Jenny smiled as she plunked down into the back seat somewhat wobbly. “I’m fine…,” she said as she looked up to Ada, “…remember what I said.”
“About the leopard.”
Ada sighed but retained the smile on her face. “You’re drunk, Jenny. Go home and get some rest.” Ada leaned down and hugged her friend before she shut the door and watched the car pull away down the winding drive. She steadied herself and walked back into the house.
Shane still sat in the same spot she had left him. Without a word, she lay down near where she and Jenny had just spent most of the afternoon. She closed her eyes for a moment before Shane broke the silence.
“I don’t like your friend.”
Ada opened her eyes and frowned to the ceiling. “Jenny?”

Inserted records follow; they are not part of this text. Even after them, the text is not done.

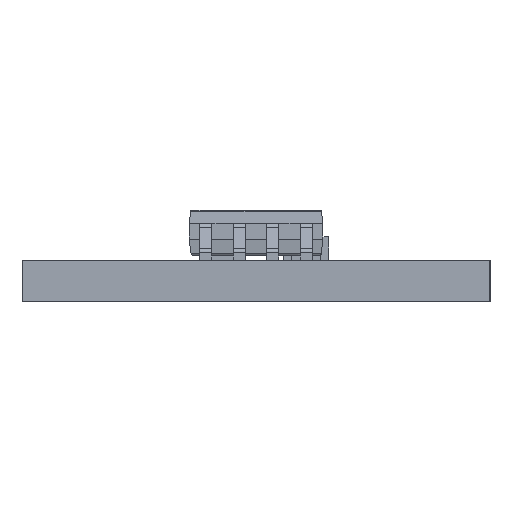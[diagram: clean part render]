
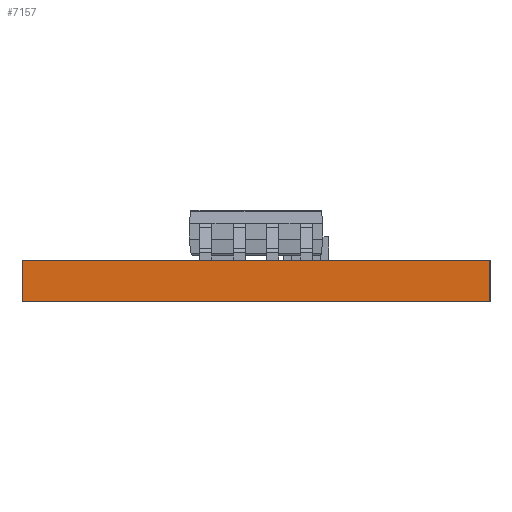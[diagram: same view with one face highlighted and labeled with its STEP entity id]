
A CAD part, left-side view. The second image highlights one B-rep face of the part: STEP entity #7157.
In plain terms, the highlighted planar face has unit normal (-1, 0, 0).
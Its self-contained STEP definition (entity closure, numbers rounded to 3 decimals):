
#4590 = ORIENTED_EDGE ( 'NONE', *, *, #29063, .F. ) ;
#4668 = DIRECTION ( 'NONE',  ( 1., 0., 0. ) ) ;
#6119 = VECTOR ( 'NONE', #34438, 1000. ) ;
#6354 = ORIENTED_EDGE ( 'NONE', *, *, #27513, .F. ) ;
#7157 = ADVANCED_FACE ( 'NONE', ( #28753 ), #10400, .F. ) ;
#7788 = CARTESIAN_POINT ( 'NONE',  ( 0., 0., 1.575 ) ) ;
#7891 = DIRECTION ( 'NONE',  ( 0., 0., -1. ) ) ;
#8204 = LINE ( 'NONE', #31301, #23510 ) ;
#9859 = VECTOR ( 'NONE', #32722, 1000. ) ;
#10209 = CARTESIAN_POINT ( 'NONE',  ( 0., 0., 1.575 ) ) ;
#10400 = PLANE ( 'NONE',  #12800 ) ;
#12800 = AXIS2_PLACEMENT_3D ( 'NONE', #7788, #4668, #7891 ) ;
#13049 = DIRECTION ( 'NONE',  ( 0., 0., -1. ) ) ;
#13542 = CARTESIAN_POINT ( 'NONE',  ( 0., 0., 1.575 ) ) ;
#13946 = LINE ( 'NONE', #10209, #34374 ) ;
#14190 = CARTESIAN_POINT ( 'NONE',  ( 0., 17.78, 0. ) ) ;
#15060 = DIRECTION ( 'NONE',  ( 0., -1., 0. ) ) ;
#15442 = CARTESIAN_POINT ( 'NONE',  ( 0., 0., 1.575 ) ) ;
#17064 = VERTEX_POINT ( 'NONE', #25721 ) ;
#18789 = VERTEX_POINT ( 'NONE', #14190 ) ;
#19013 = ORIENTED_EDGE ( 'NONE', *, *, #25397, .T. ) ;
#20111 = ORIENTED_EDGE ( 'NONE', *, *, #22010, .T. ) ;
#21713 = VERTEX_POINT ( 'NONE', #22840 ) ;
#22010 = EDGE_CURVE ( 'NONE', #21713, #18789, #24302, .T. ) ;
#22840 = CARTESIAN_POINT ( 'NONE',  ( 0., 17.78, 1.575 ) ) ;
#23201 = EDGE_LOOP ( 'NONE', ( #19013, #4590, #6354, #20111 ) ) ;
#23510 = VECTOR ( 'NONE', #15060, 1000. ) ;
#24302 = LINE ( 'NONE', #32495, #9859 ) ;
#24840 = LINE ( 'NONE', #15442, #6119 ) ;
#25397 = EDGE_CURVE ( 'NONE', #18789, #17064, #8204, .T. ) ;
#25721 = CARTESIAN_POINT ( 'NONE',  ( 0., 0., 0. ) ) ;
#27513 = EDGE_CURVE ( 'NONE', #21713, #32013, #24840, .T. ) ;
#28753 = FACE_OUTER_BOUND ( 'NONE', #23201, .T. ) ;
#29063 = EDGE_CURVE ( 'NONE', #32013, #17064, #13946, .T. ) ;
#31301 = CARTESIAN_POINT ( 'NONE',  ( 0., 0., 0. ) ) ;
#32013 = VERTEX_POINT ( 'NONE', #13542 ) ;
#32495 = CARTESIAN_POINT ( 'NONE',  ( 0., 17.78, 1.575 ) ) ;
#32722 = DIRECTION ( 'NONE',  ( 0., 0., -1. ) ) ;
#34374 = VECTOR ( 'NONE', #13049, 1000. ) ;
#34438 = DIRECTION ( 'NONE',  ( 0., -1., 0. ) ) ;

“Because she’s a nosy, know-it-all.”
“How can you possibly make that judgment? You barely know her.”
“I’m a great judge of character. That’s how I make my living.”
Ada rolled her head to the side to look directly at Shane. He looked angry, discontent, and his disposition worried her. She’d seen that look before. She started to argue but thought better of it. They were both under the influence of the wine. She decided to remain silent and hope that once the wine wore off he’d come to his senses, but the implicit threat electrified the air between them. She returned her gaze to the ceiling and breathed in heavily.
“I don’t want you hanging out with her anymore.”
“She’ll try to come between us. She’s jealous of how happy you are. I could see it her eyes. I know women like her. They’re never happy when their friends are happy.”
“Jenny’s not like that.”
“You’re blind to her.”
A silence hung between them. Ada peered through the gauze of the wine. Shane seemed to mumble something else, but she couldn’t understand it. She felt confused.
“Did you hear me?” Shane asked impatiently.
“What?” Ada responded somewhat irritated by her inability to comprehend her surroundings. The wine made her dizzy.
She heard Shane get up from the couch. She blinked and he was there in front of her standing seemingly high above her looking down at her with an ugly scowl on his face.
“I forbid you from seeing her again. Do you understand me?”
In that moment it seemed inconceivable that Ada had heard him correctly, but the look on his face and his stance above her frightened her. The wine had sapped all her cognitive abilities. She just wanted to sleep and make that angry version of him go away.
“Okay,” she whimpered. She shut her eyes and turned away from him. He stood there for a few seconds, fists clinched, and waited for further argument. He stared at her disdainfully. Once he was satisfied that she understood him, he placed his wine glass on the bar and left the room.
Ada fell asleep unsure if she had dreamed the encounter or if it had actually happened. Her mind struggled to discern the difference. She hoped sleep would make it all better.